___ Source material
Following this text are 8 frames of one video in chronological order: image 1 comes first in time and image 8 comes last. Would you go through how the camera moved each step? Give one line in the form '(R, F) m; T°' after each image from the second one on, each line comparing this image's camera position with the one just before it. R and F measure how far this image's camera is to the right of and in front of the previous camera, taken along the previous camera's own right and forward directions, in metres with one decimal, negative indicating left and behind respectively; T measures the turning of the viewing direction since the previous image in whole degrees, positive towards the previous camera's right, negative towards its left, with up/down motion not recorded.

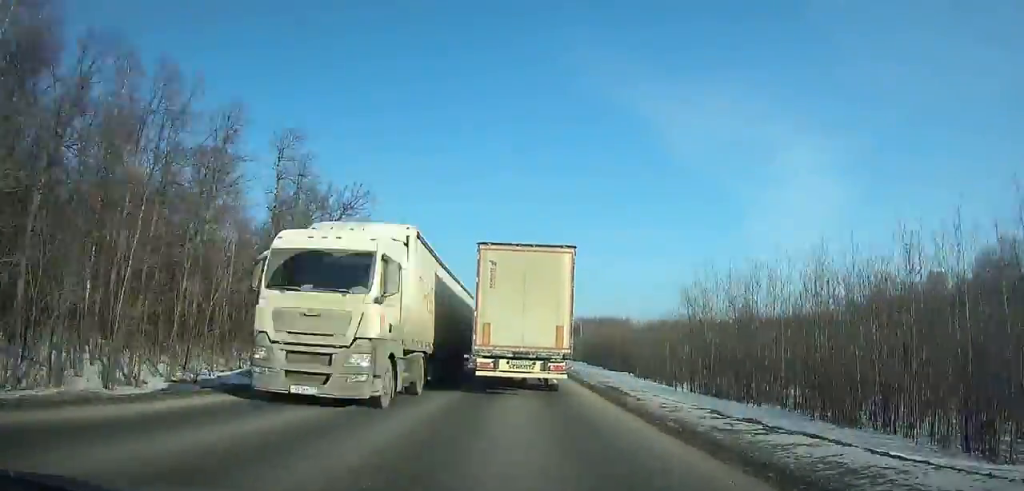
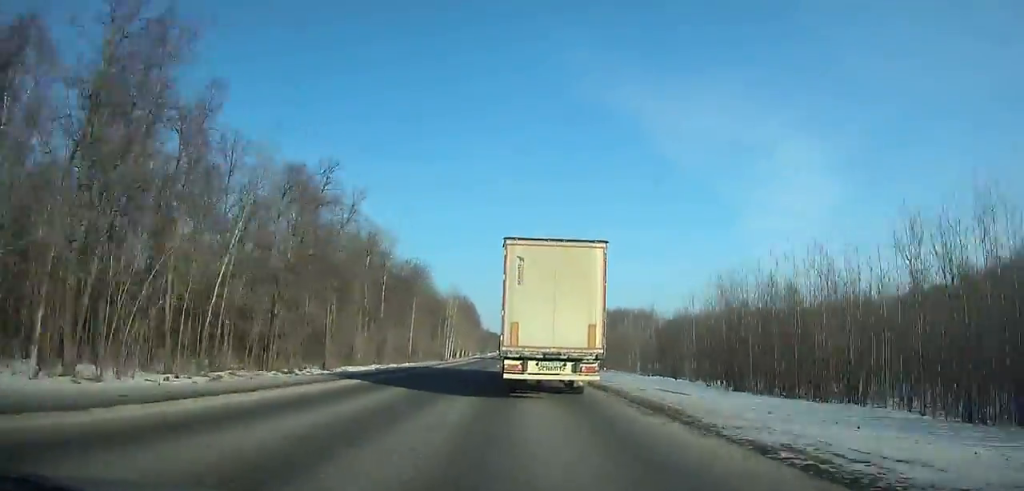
(-0.1, +66.4) m; 0°
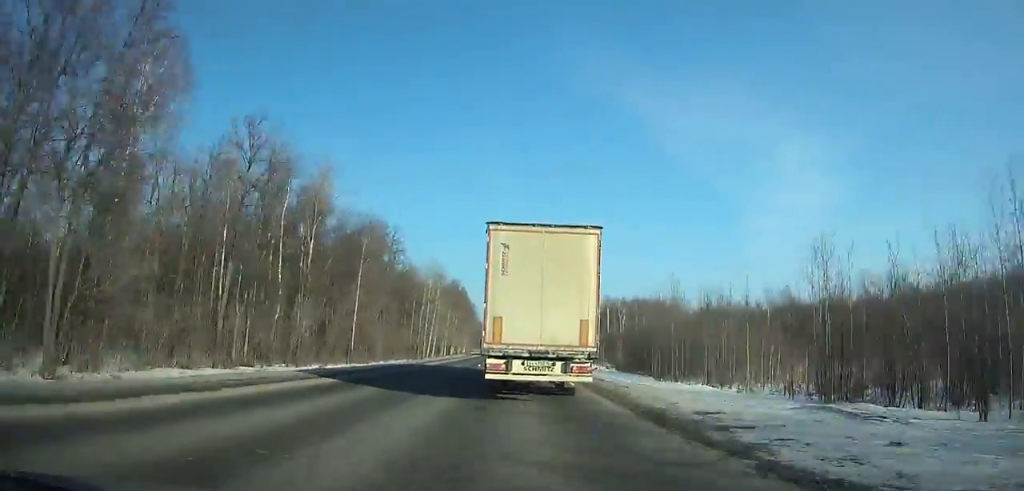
(+0.3, +31.3) m; 0°
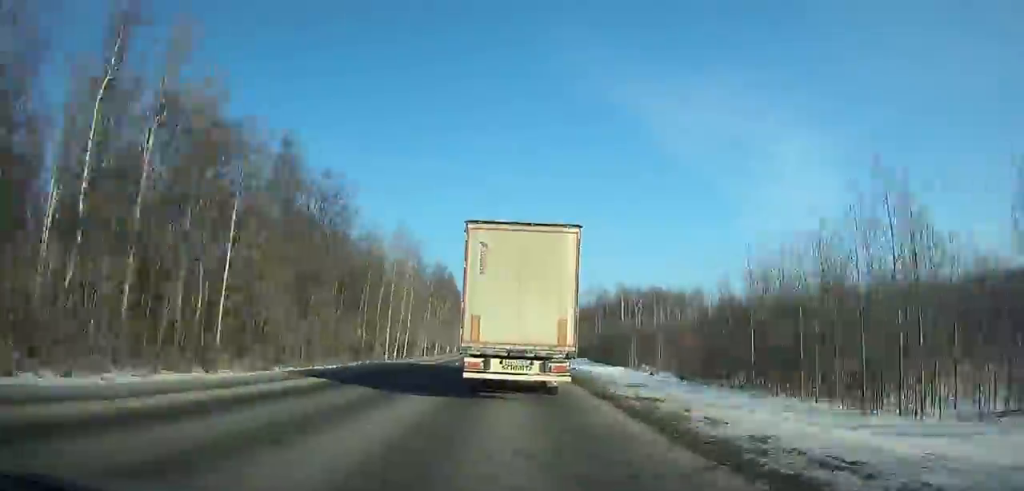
(0.0, +27.4) m; 0°
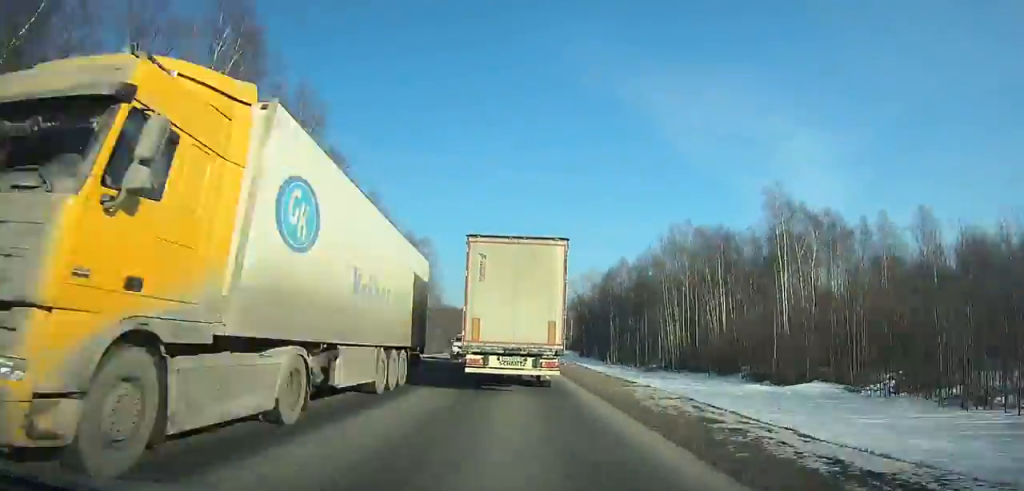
(-0.1, +95.8) m; 0°
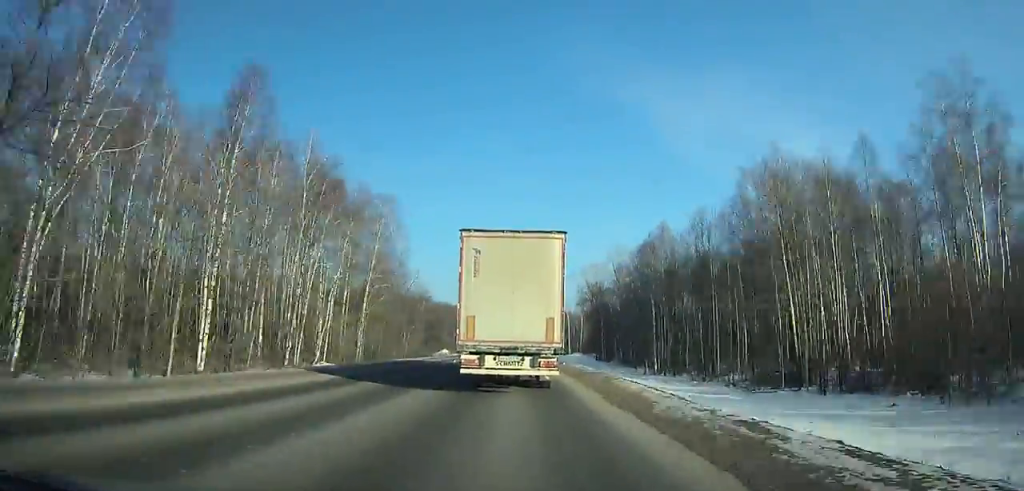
(0.0, +30.4) m; 0°
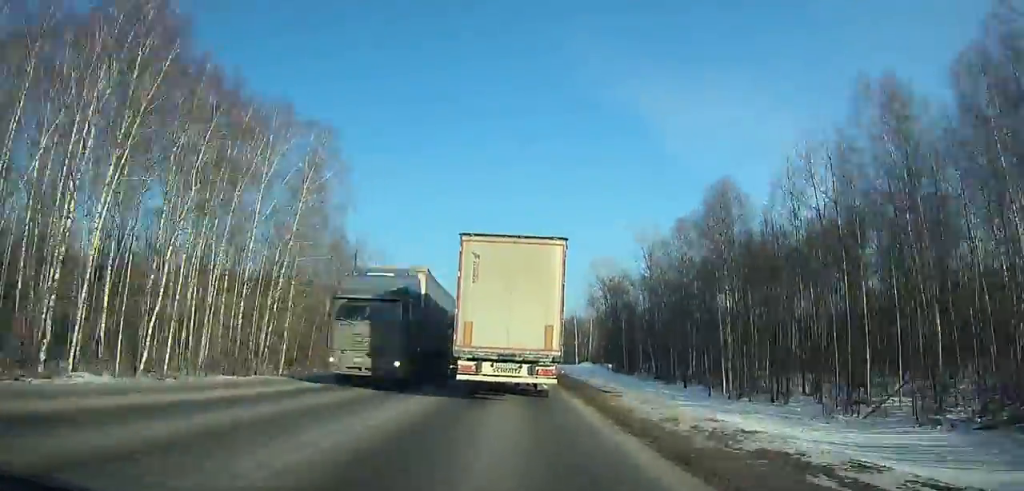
(0.0, +25.0) m; 0°
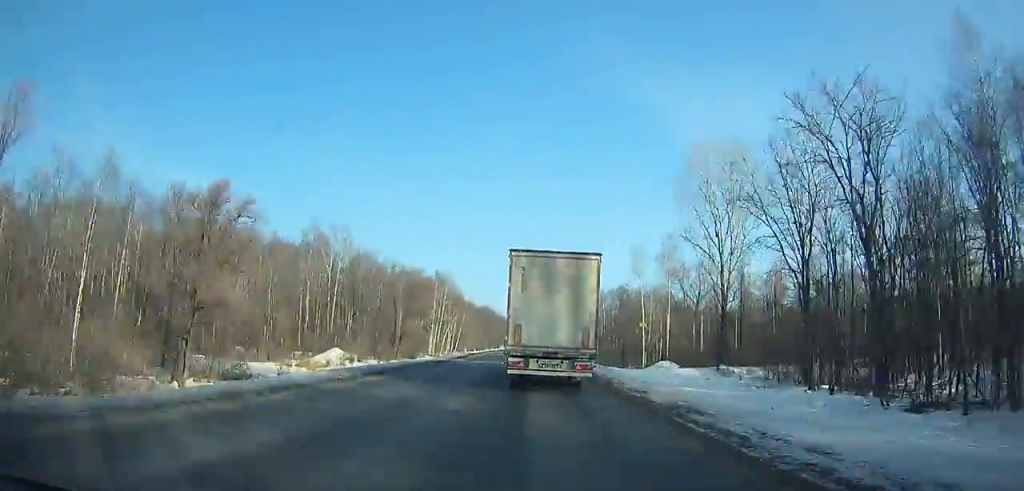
(-0.3, +75.3) m; 0°
______
**Assigned task**
With the pictures removed, copy the data above word for word.

**Reply to the exercise**
Following this text are 8 frames of one video in chronological order: image 1 comes first in time and image 8 comes last. Would you go through how the camera moved each step? Give one line in the form '(R, F) m; T°' after each image from the second one on, each line comparing this image's camera position with the one just before it. R and F measure how far this image's camera is to the right of and in front of the previous camera, taken along the previous camera's own right and forward directions, in metres with one decimal, negative indicating left and behind respectively; T measures the turning of the viewing direction since the previous image in whole degrees, positive towards the previous camera's right, negative towards its left, with up/down motion not recorded.

(-0.1, +66.4) m; 0°
(+0.3, +31.3) m; 0°
(0.0, +27.4) m; 0°
(-0.1, +95.8) m; 0°
(0.0, +30.4) m; 0°
(0.0, +25.0) m; 0°
(-0.3, +75.3) m; 0°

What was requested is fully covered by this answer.